Tongam Lumban Tobing, the head of the OJK’s investment watch task force, said that reneging on a loan contract with an illegal P2P lender was legally justifiable.

“From the standpoint of criminal law, illegal lenders [can be] charged with extortion as stipulated in Article 368 of the Criminal Code, … as well as violations under the ITE [Electronic Information and Transactions] and Consumer Protection Laws,” he told KompasTV on October 24. “There’s no need to pay because the [transaction] is legally void.”

Meanwhile, the police have also stepped up raids on the offices of unlicensed P2P lenders and their debt collectors in the Greater Jakarta area and elsewhere in the country.

Coordinating Minister for Politics, Legal and Security Affairs Mahfud MD said at the weekend that the government would punish any unlicensed P2P lenders if their actions amounted to a criminal offence.

He urged victims of illegal online lenders or debt collectors to report their cases to the police.

“We want people to be brave enough to report such instances to the police so they can get the protection they need,” Mahfud said, as quoted by kompas.com.

In response to the recent controversy, Indonesian Fintech Lenders Association (AFPI) chairman Adrian Gunadi said that the group had also taken strict measures against unlicensed lenders, including by lowering interest rates.

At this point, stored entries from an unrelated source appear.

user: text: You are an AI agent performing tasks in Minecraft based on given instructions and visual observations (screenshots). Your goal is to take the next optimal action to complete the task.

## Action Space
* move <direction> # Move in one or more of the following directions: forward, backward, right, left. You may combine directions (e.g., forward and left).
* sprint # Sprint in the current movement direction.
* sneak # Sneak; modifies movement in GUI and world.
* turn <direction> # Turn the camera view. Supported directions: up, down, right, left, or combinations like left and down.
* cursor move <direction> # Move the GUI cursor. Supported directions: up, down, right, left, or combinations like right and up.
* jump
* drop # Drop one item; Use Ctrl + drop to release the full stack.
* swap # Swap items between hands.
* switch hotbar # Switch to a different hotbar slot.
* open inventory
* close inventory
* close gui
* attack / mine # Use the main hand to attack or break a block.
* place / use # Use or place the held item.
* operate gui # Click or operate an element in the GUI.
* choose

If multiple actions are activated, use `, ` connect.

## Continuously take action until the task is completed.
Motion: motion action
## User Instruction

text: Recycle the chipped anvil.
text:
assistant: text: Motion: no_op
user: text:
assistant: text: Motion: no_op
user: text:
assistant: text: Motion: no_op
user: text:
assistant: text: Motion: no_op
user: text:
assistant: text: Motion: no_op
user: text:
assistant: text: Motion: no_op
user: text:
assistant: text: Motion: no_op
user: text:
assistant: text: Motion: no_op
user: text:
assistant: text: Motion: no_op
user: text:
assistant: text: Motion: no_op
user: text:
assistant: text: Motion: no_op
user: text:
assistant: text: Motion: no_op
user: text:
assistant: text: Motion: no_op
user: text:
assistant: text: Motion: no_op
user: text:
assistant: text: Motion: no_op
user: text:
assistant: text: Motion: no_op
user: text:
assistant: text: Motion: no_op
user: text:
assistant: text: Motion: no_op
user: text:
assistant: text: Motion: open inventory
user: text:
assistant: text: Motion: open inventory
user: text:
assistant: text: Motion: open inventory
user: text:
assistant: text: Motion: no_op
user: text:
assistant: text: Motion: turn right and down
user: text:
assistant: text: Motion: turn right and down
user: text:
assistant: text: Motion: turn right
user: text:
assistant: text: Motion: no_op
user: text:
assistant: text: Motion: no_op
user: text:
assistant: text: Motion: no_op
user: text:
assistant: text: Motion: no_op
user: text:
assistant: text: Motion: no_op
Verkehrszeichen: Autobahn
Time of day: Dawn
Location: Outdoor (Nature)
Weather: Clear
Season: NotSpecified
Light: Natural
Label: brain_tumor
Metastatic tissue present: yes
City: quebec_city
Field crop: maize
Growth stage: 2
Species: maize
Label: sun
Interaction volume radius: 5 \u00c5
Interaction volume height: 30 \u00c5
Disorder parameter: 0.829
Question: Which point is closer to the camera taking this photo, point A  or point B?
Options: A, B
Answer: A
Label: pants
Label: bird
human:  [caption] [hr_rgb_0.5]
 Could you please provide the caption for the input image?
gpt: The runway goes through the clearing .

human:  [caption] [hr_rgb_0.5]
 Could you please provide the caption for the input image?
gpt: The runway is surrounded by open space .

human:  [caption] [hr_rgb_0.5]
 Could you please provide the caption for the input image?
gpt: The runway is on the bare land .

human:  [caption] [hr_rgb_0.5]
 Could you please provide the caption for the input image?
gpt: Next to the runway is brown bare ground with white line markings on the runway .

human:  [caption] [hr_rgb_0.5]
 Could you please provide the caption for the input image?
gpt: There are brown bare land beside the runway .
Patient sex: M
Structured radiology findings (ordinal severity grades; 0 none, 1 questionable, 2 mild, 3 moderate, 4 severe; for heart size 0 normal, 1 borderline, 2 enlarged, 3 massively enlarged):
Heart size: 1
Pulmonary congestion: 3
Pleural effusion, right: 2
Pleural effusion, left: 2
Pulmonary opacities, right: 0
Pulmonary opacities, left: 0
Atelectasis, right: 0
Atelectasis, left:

“We’ve conducted an [internal] review and agreed that we will lower our interest rates by more than 50 per cent [or no more than 0.4 per cent per day], so that P2P lending can become more accessible and the public will be able to distinguish between unlicensed and licensed lenders,” Adrian said in a press conference on October 22.

The organisation was also “fully” cooperating with the authorities to crack down on illegal lenders and moved to reprimand and even suspend members serving these platforms, another association member said on October 25.

A number of borrowers are also preparing a civil lawsuit against the president, the information ministry, the House of Representatives and the OJK as they demand comprehensive rules to prevent similar incidents from recurring.

The Jakarta Legal Aid Institute’s (LBH Jakarta) Jeanny Sirait said that the plaintiffs, who wish to remain anonymous until they have formally filed their lawsuit at the Central Jakarta District Court in the coming weeks, believe a legal challenge is required to push the needle.

“We need it, even licensed [lenders] still have problems like high interest rates and administrative fees or a lack of monitoring,” Jeanny told the Jakarta Post on October 23.